Out of the lines below, please list those that hold the string "image".

━━━ Given entries ━━━

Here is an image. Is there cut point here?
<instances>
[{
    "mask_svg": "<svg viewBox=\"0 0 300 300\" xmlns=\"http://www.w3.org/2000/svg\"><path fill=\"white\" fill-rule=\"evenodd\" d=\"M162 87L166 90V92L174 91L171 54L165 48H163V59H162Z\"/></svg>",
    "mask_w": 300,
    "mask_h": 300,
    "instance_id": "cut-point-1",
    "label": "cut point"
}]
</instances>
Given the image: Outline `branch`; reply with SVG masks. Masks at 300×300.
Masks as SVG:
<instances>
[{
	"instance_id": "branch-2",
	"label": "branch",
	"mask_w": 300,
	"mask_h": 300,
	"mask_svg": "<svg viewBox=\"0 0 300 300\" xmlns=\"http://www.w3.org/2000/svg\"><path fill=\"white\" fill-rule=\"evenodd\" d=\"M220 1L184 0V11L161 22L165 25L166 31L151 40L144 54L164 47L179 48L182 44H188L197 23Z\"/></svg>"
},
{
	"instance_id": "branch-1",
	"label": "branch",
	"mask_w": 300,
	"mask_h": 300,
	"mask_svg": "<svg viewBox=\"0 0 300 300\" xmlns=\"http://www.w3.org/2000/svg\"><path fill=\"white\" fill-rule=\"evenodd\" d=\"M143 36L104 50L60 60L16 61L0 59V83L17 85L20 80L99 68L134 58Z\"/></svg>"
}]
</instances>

━━━
━━━ Given entries ━━━

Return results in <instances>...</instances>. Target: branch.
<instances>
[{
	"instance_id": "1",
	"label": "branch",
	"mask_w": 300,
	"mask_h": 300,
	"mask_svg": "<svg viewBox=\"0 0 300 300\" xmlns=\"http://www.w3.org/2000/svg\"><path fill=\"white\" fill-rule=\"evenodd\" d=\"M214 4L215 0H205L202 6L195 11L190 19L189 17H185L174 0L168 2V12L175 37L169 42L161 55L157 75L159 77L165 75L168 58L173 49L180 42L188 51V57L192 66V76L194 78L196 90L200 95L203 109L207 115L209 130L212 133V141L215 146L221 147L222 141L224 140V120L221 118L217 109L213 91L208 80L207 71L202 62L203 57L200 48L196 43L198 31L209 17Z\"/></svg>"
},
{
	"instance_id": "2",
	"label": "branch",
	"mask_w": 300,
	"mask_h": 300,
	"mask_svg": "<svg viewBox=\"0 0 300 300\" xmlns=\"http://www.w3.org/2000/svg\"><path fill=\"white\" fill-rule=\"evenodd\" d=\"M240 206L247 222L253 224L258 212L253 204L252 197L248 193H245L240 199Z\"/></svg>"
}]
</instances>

━━━

*Answer area*.
Here is an image. Is there cut point here?
Given the image: Outline `branch`; reply with SVG masks. Masks at 300×300.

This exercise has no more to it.